» YOUR ASSIGNMENT: Without the pictures, print the lines from the one holding "Q: Is the spacing between letters" through the last line below, both included, exactly as they stand.

» ENTRIES SUPPLIED:
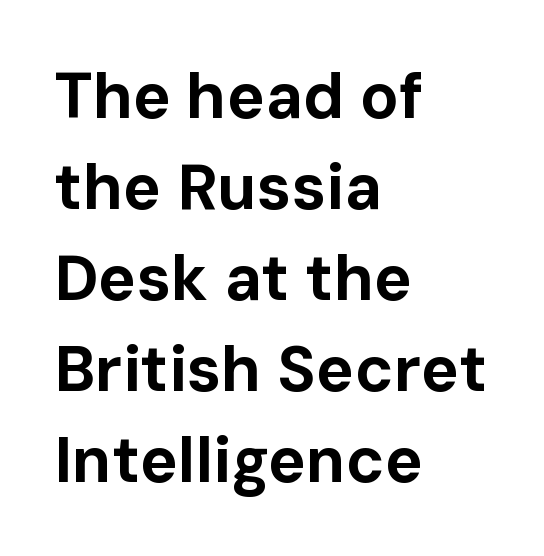
Honestly, there is no underline to notice here at all. The typesetting leans heavy: a genuine bold. Observe the absence of serifs on each vertical stroke in this sample. Words appear dense and cohesive because spacing is normal. Character widths vary here, with narrow letters taking less room than wide ones.
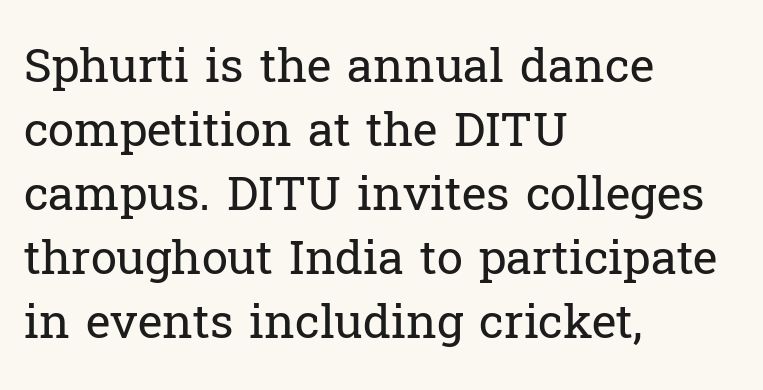
Q: Is the text bold? A: No.
Q: Is the text italic (slanted)? A: No, it is upright.
Q: Is the typeface a serif or a sans-serif typeface? A: Serif.
Q: Is the text underlined? A: No.
Q: How is the paragraph aligned? A: Left-aligned.
Q: Is the spacing between letters normal or unusually wide? A: Normal.
Q: Is the spacing between lines tight, normal or loose? A: Normal.
Q: Width (condensed, normal, or wide)? A: Normal.
Q: Stroke contrast? A: Low.
Q: x-height? A: Medium.
Q: Monospaced? A: No.
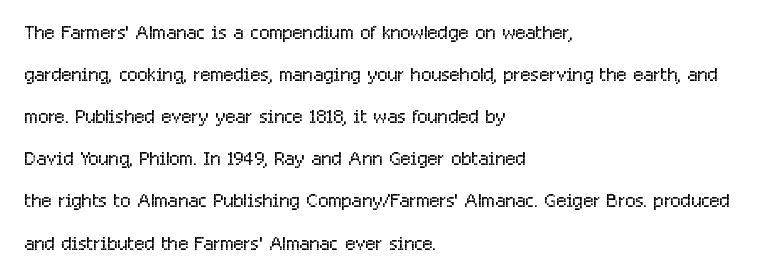
The image shows 27 px text type, upright; set left-aligned, normal line spacing (1.56x), normal letter spacing, not underlined.

» SOLUTION TO THIS PROBLEM:
Q: Is the spacing between letters normal or unusually wide? A: Normal.
Q: Is the spacing between lines tight, normal or loose? A: Normal.
Q: Width (condensed, normal, or wide)? A: Normal.
Q: Stroke contrast? A: Low.
Q: x-height? A: Medium.
Q: Monospaced? A: No.
The image shows 27 px text type, upright; set left-aligned, normal line spacing (1.56x), normal letter spacing, not underlined.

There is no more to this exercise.